Similarly, in 2020, the top three source countries for remittance outflows in current USD were the United States (68 billion), the United Arab Emirates (43 billion) and Saudi Arabia (35 billion).
Despite massive sacrifices made by migrants for the sake of betterment, comfort and better living conditions of their families, other relatives and friends, the majority of them are not treated fairly and with justice by their such loved ones in their origin countries, particularly in south Asian countries, like India, Pakistan, Bangladesh and Afghanistan.
There are countless examples of the abuse and exploitation of the migrants and their nuclear families at the hands of their loved ones. For instance, many migrants are robbed of their properties, inheritance, wealth and other such rights by their own brothers, sisters and, in some cases, by their parents, as reported by many eye witnesses and the migrants themselves in certain parts of Pakistan.
In many cases, the wives, daughters and other female family members of some migrants have been physically assaulted, sexually abused, mentally tortured and maltreated by the brothers, parents (especially fathers of the migrants), other relatives and friends of these migrants.

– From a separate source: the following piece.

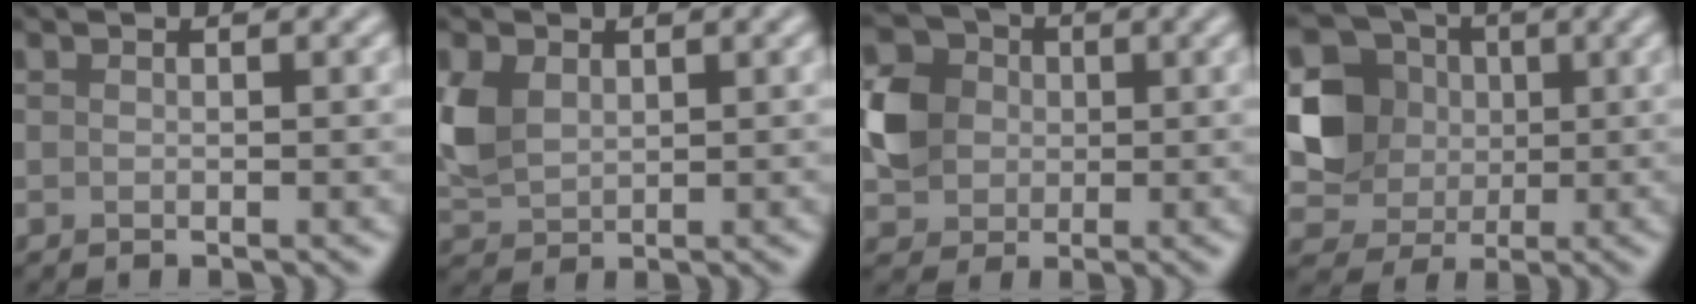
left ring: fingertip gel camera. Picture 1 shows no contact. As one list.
[{"total": 3.5, "force": [1.1, 2.5, 2.2], "torque": [-0.060, 0.001, 0.025]}, {"total": 4.2, "force": [0.1, 3.8, 1.8], "torque": [-0.029, 0.006, 0.001]}, {"total": 5.8, "force": [0.6, 5.3, 2.3], "torque": [-0.047, 0.001, 0.009]}]

In most cases, the wives and children of the migrants are not treated well and cared for by their so-called loved ones in their absence, even though this might be their legal, religious, social and moral responsibility to do so. There are also many examples of murders, physical injuries and other immoral treatment of migrants at the hands of their loved ones, whenever these migrants have tried to ask and demand for their basic rights, like the ownership of their properties, inheritance, wealth and other valuable assets.
This is the reason why every migrant can tell you a shocking story about their abuse at the hands of their family members, other relatives and friends when asked. Thus, most of the loved ones of a migrant behave like parasites rather than being as grateful human beings towards migrants.